Let $M$ be a compact manifold of unknown dimension embedded in $\mathbb{R}^n$ for some natural $n$. Let $S=\{x_1, x_2,..., x_k\}$ be a uniform random sample obtained from $M$. Let $\Gamma(S)$ be the set of all geodesics between points in $S$ on $M$. Suppose we are given some subset of $\Gamma(S)$ (perhaps finite), what can be said of $M$ from this information?
I realize that this question is rather broad - are there any results regarding such questions (or at least similar). I have seen some work regarding persistent homology and "point clouds"; however, this seems to be a rather different question.

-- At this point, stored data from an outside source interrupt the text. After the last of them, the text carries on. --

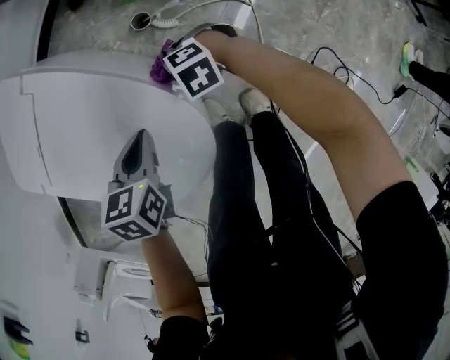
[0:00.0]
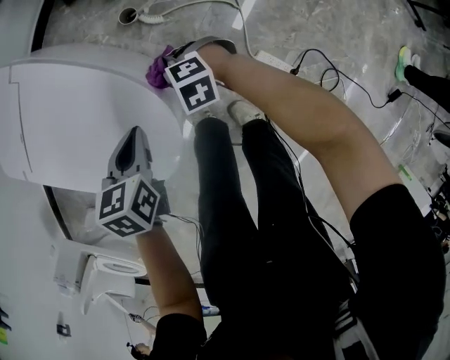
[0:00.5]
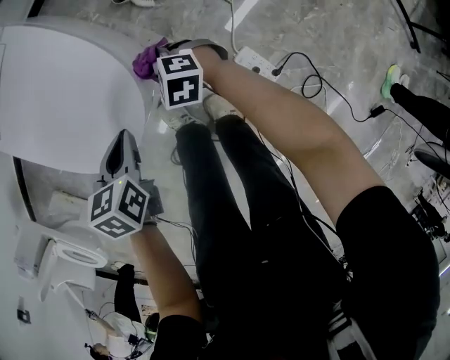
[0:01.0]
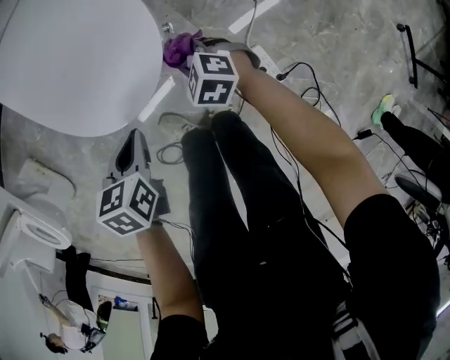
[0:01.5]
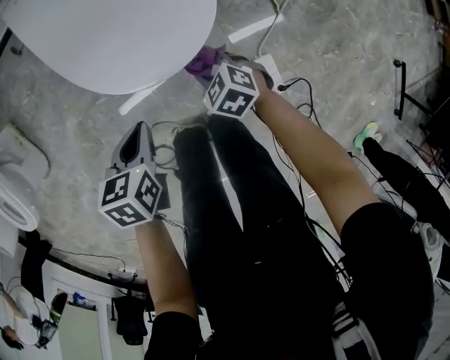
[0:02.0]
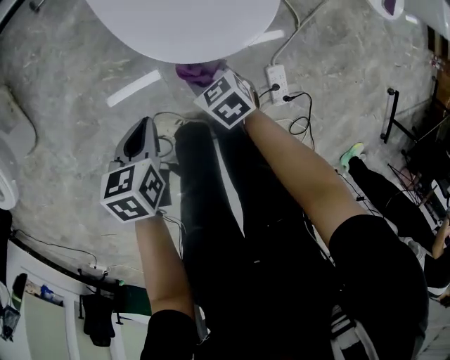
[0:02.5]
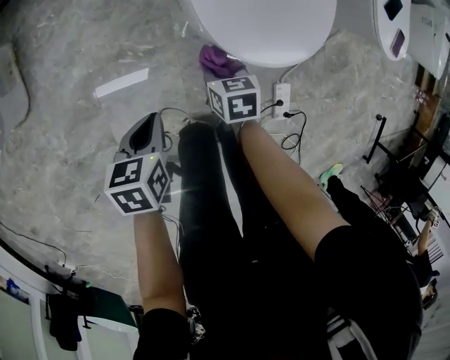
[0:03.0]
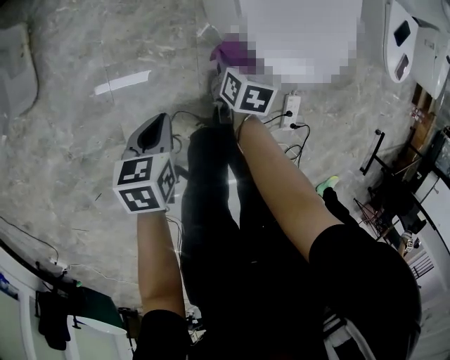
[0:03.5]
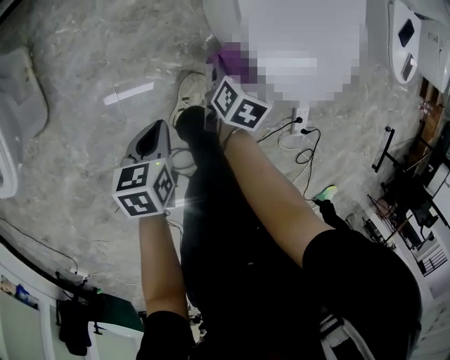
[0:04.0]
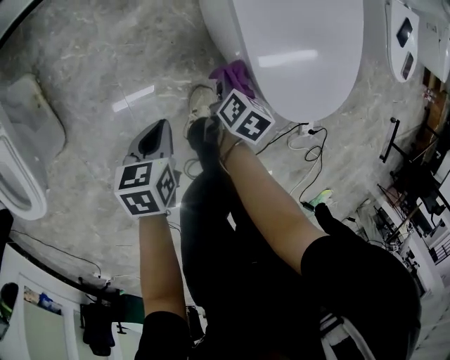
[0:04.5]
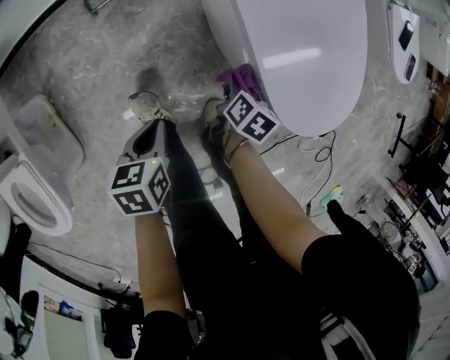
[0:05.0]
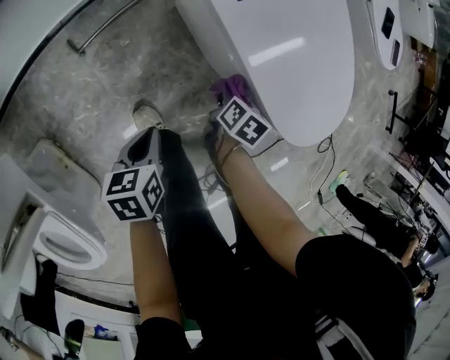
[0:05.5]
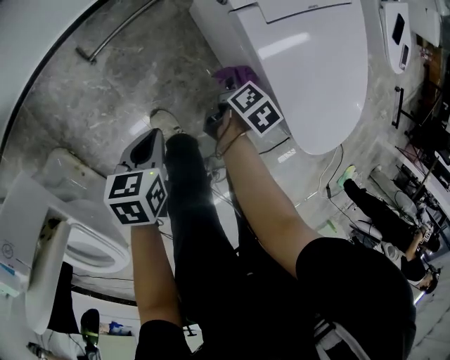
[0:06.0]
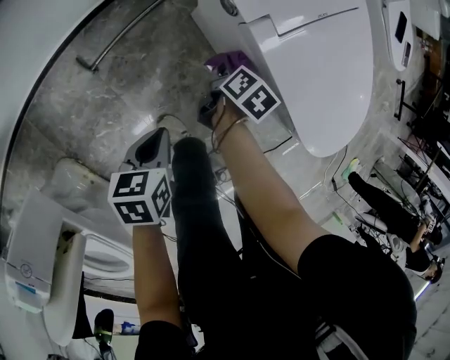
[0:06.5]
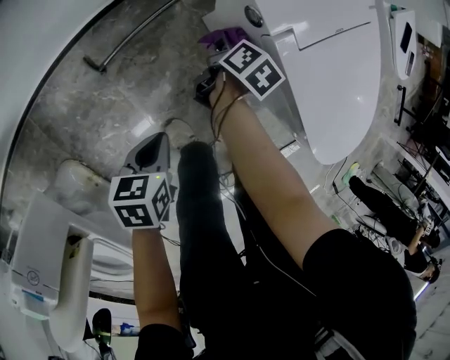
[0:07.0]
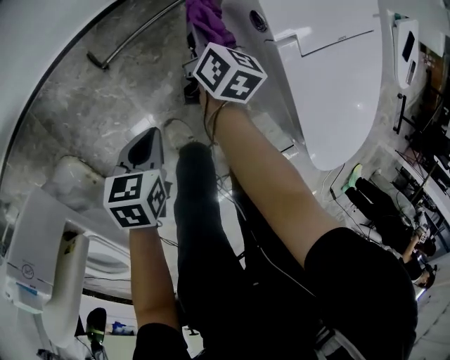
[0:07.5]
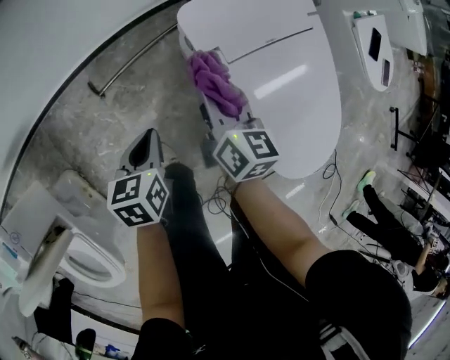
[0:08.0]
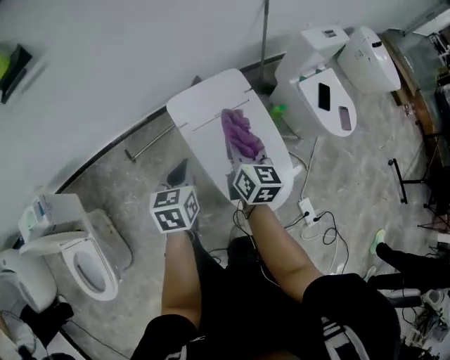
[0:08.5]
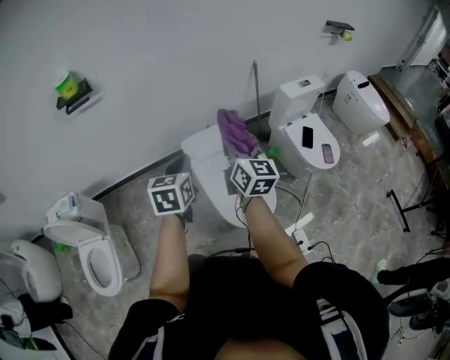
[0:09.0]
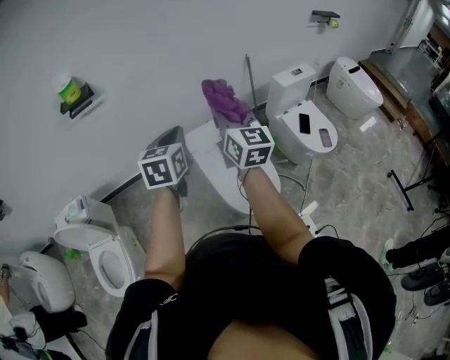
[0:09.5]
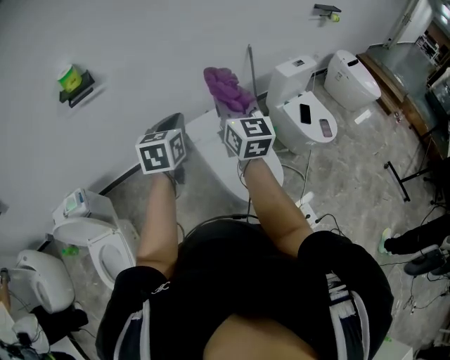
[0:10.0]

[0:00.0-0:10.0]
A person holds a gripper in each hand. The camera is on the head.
0:00.0 to 0:02.0: The right gripper ends up roughly 25 cm from where it was. Meanwhile the left gripper ends up roughly 30 cm from where it was, and swivels roughly 40 degrees.
0:02.0 to 0:04.0: The left gripper ends up some 30 cm from where it was. The right gripper changes place by about 30 cm, and rotates around the line of its fingers by some 60 degrees, clockwise from behind.
0:04.0 to 0:06.0: The right gripper moves approximately 30 cm, and rolls clockwise, seen from behind, by approximately 40 degrees. The left gripper moves about 40 cm, and swivels about 30 degrees.
0:06.0 to 0:08.0: The right gripper goes some 25 cm upward, and angles its fingers upward, by some 40 degrees. Meanwhile the left gripper ends up about 15 cm from where it was.
0:08.0 to 0:10.0: The two grippers go approximately 60 cm upward. The left gripper swivels roughly 40 degrees. The right gripper tips its fingers upward by some 30 degrees.

Additional comments: I have toyed with the idea of projecting the points of $S$ via the maps,
$\rho_i(x_j)=(x_j^{(1)}, x_j^{(2)},...,x_j^{(i-1)}, 0, x_j^{(i+1)},..., x_j^{(n)})$
It seems to me that if we were to define $N_\epsilon(x_j)=\{x_l\in S|d(x_j, x_l)\le\epsilon\}$ and $|N_\epsilon(x_j)|$ as the density of $x_j$, we would find that the density of $rho_i(x_j)$ increases if there is curvature in the $i-th$ direction.
This construction is rather simple and does not address the information we have about the geodesics but I figured that it might help.